Top of Data records

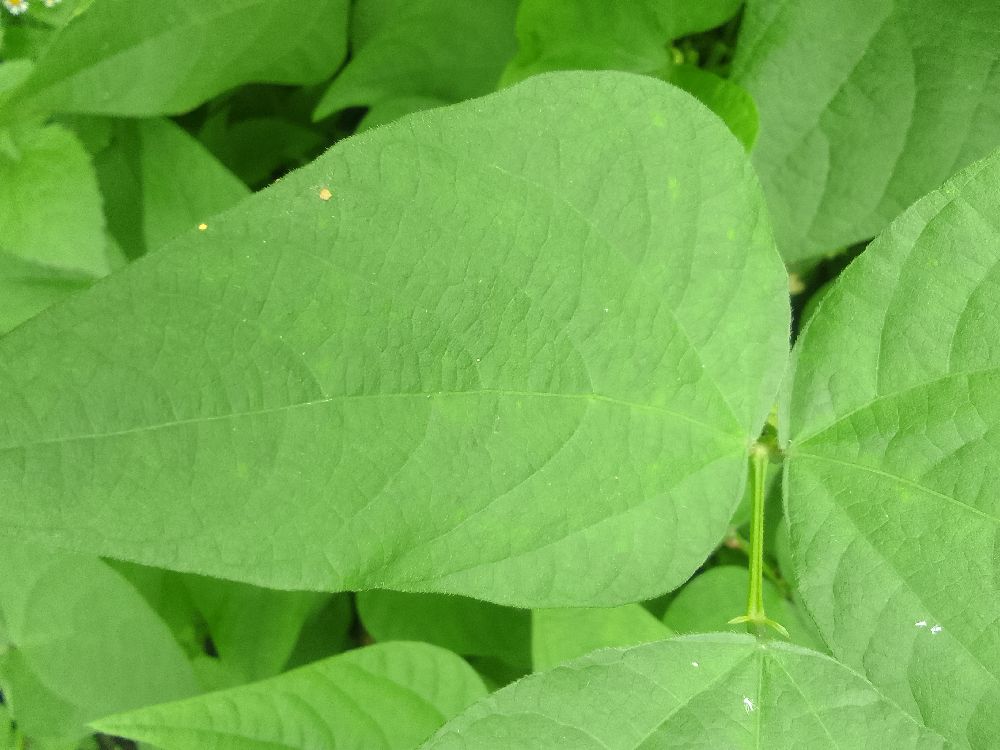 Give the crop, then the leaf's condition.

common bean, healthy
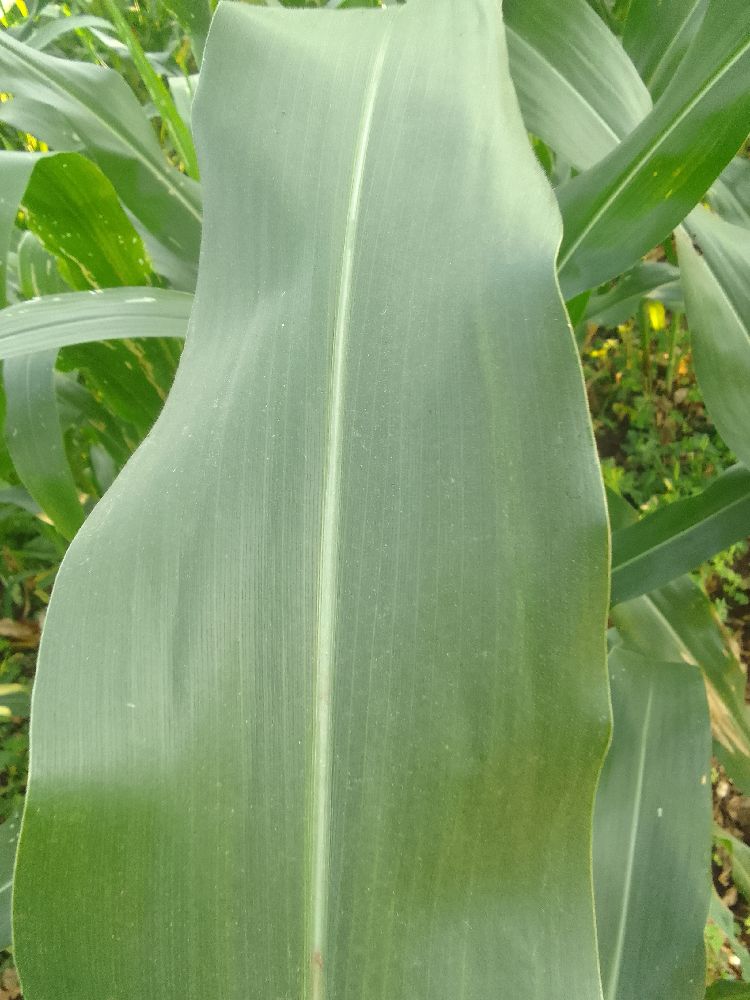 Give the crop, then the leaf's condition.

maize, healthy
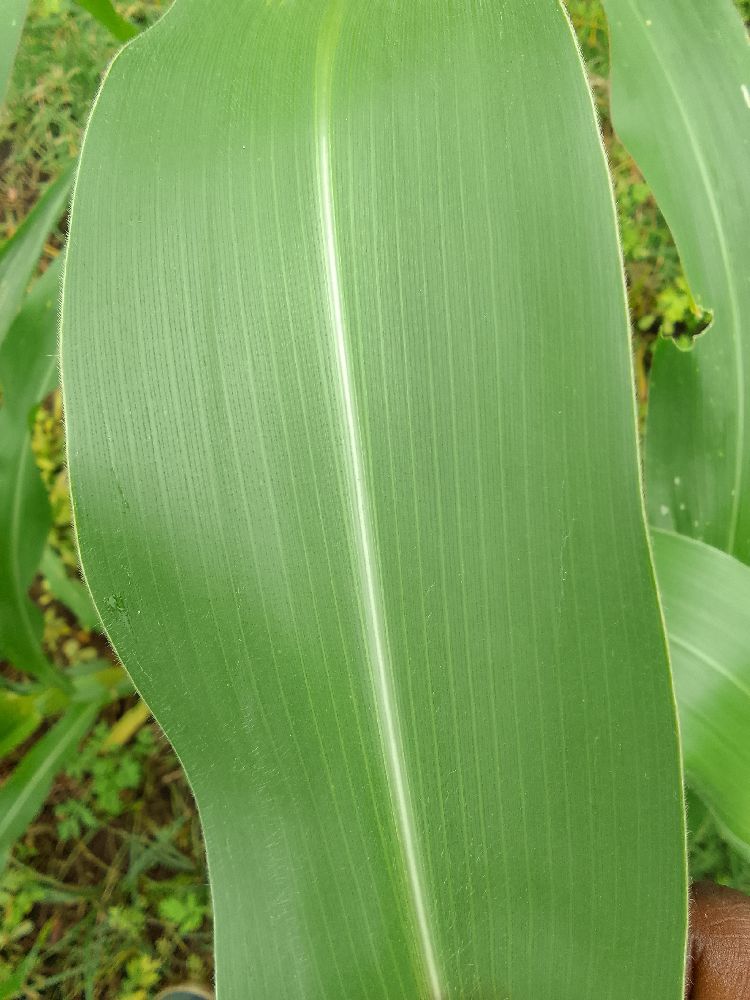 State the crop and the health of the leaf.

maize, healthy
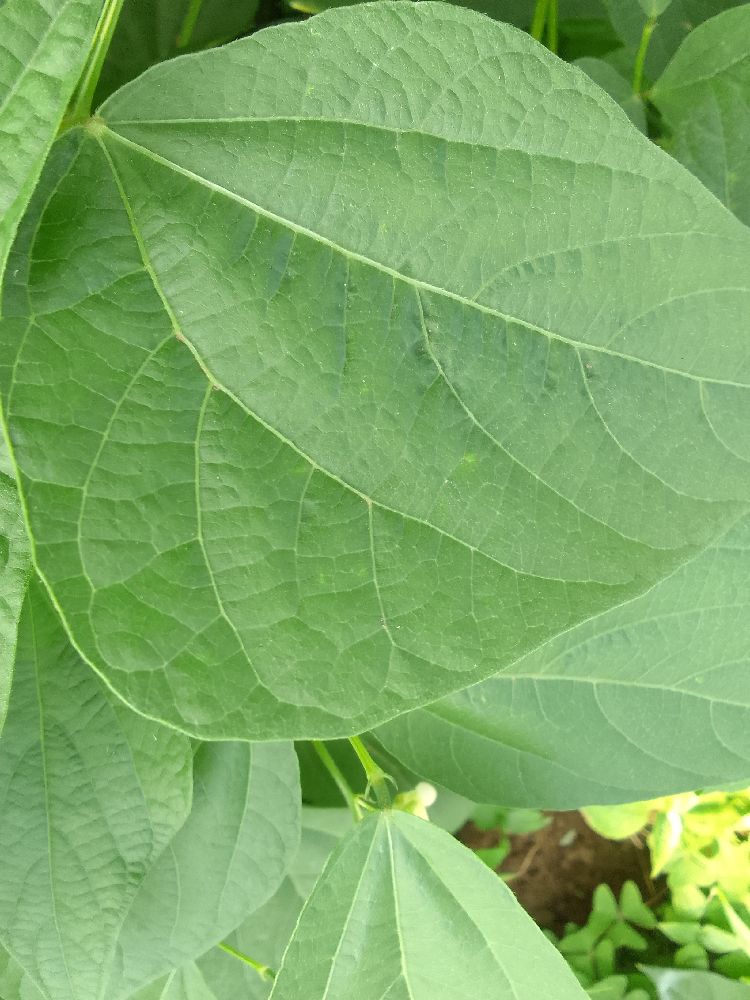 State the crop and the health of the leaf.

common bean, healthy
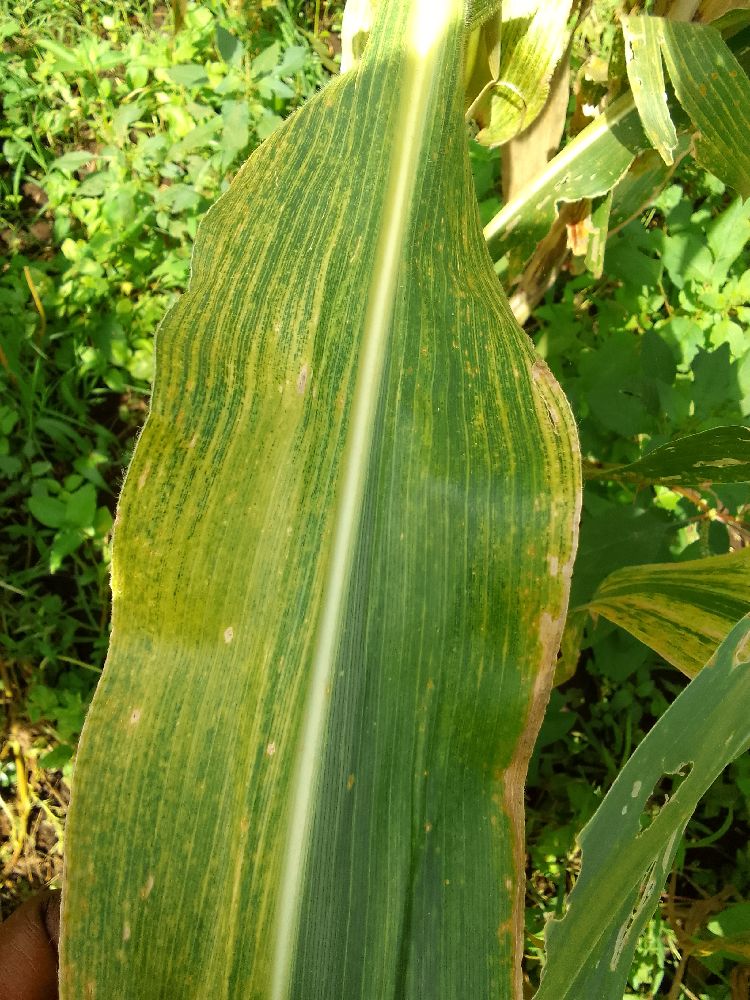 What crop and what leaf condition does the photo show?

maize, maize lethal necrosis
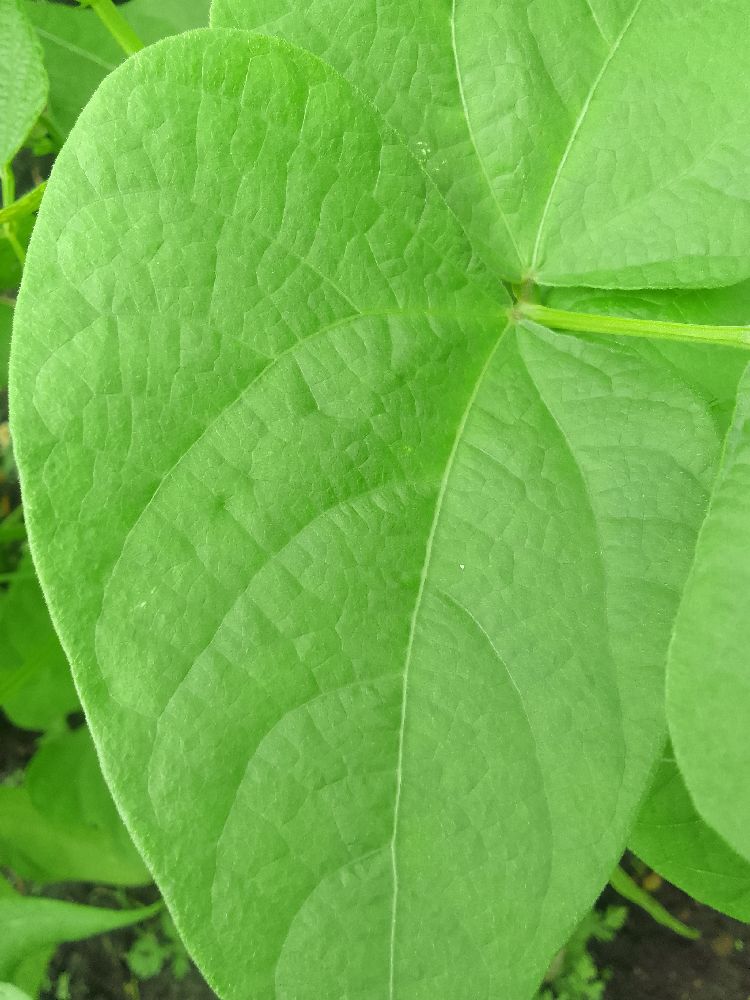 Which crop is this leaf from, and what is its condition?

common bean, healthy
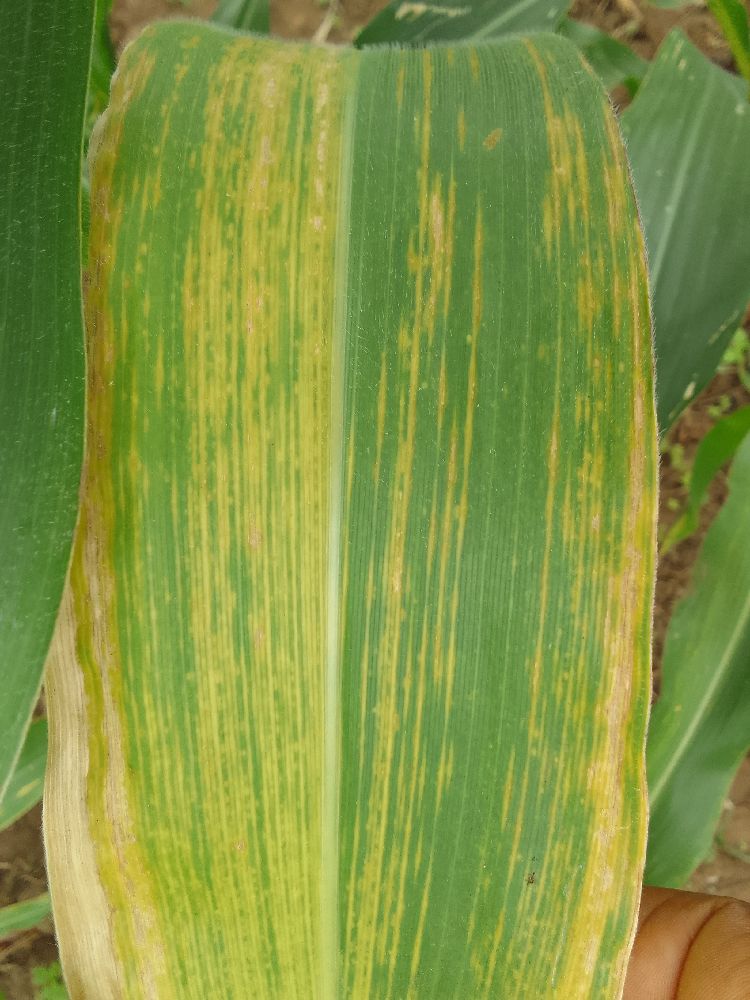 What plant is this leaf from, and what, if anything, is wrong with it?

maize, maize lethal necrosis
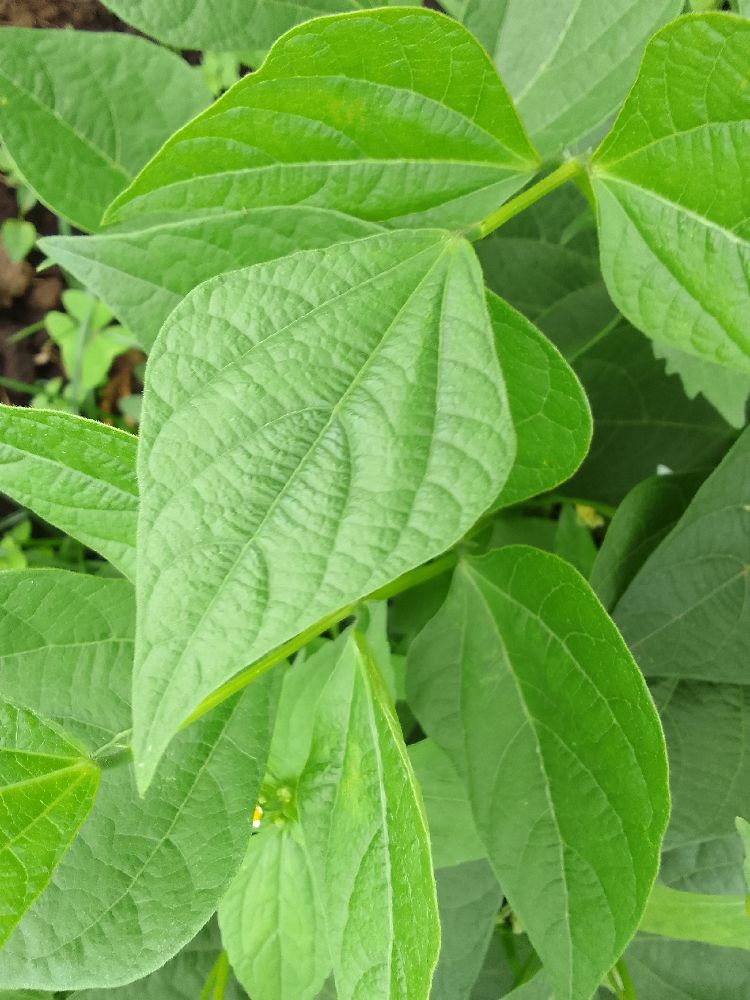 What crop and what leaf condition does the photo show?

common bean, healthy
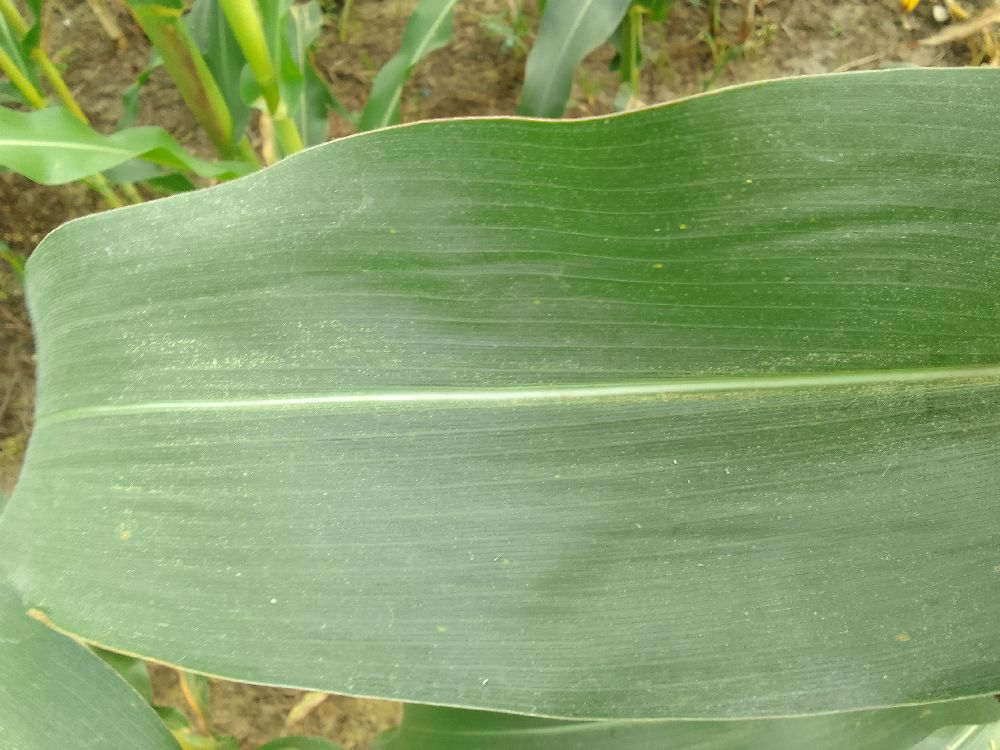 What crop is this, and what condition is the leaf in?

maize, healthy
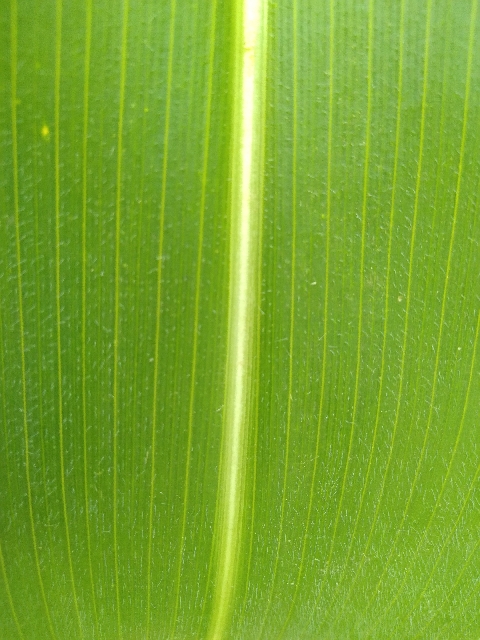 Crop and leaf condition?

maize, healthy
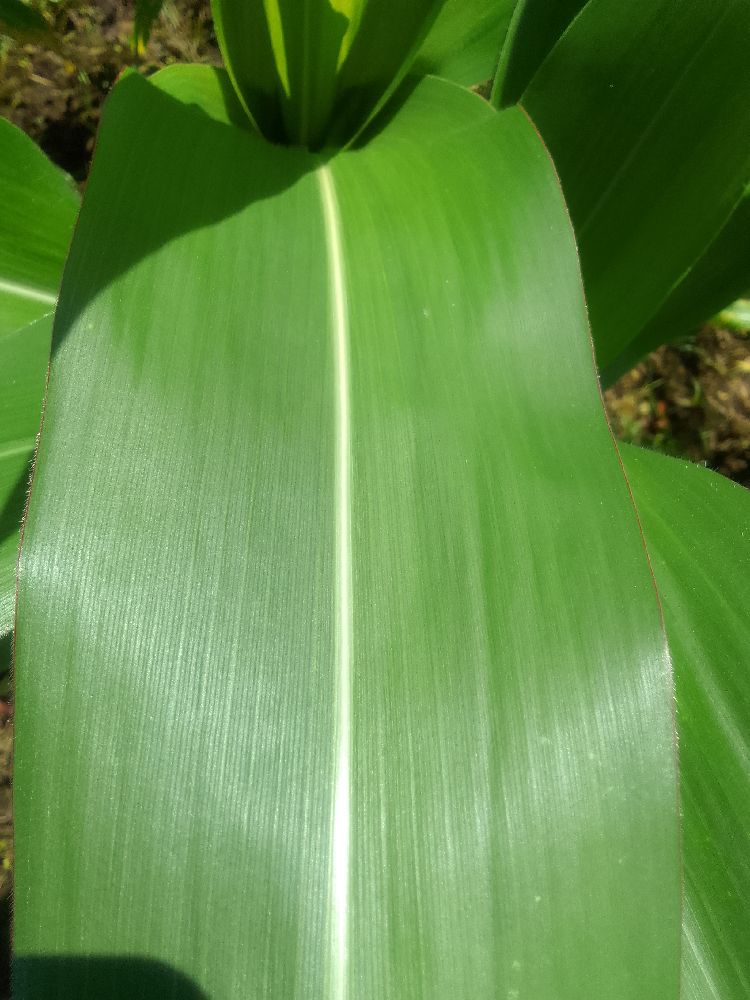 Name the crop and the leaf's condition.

Bottom of Data records

Task directions:
Retype every entry exactly as written. Leave the pictures out.

Answer area:
 Give the crop, then the leaf's condition.

common bean, healthy
 Give the crop, then the leaf's condition.

maize, healthy
 State the crop and the health of the leaf.

maize, healthy
 State the crop and the health of the leaf.

common bean, healthy
 What crop and what leaf condition does the photo show?

maize, maize lethal necrosis
 Which crop is this leaf from, and what is its condition?

common bean, healthy
 What plant is this leaf from, and what, if anything, is wrong with it?

maize, maize lethal necrosis
 What crop and what leaf condition does the photo show?

common bean, healthy
 What crop is this, and what condition is the leaf in?

maize, healthy
 Crop and leaf condition?

maize, healthy
 Name the crop and the leaf's condition.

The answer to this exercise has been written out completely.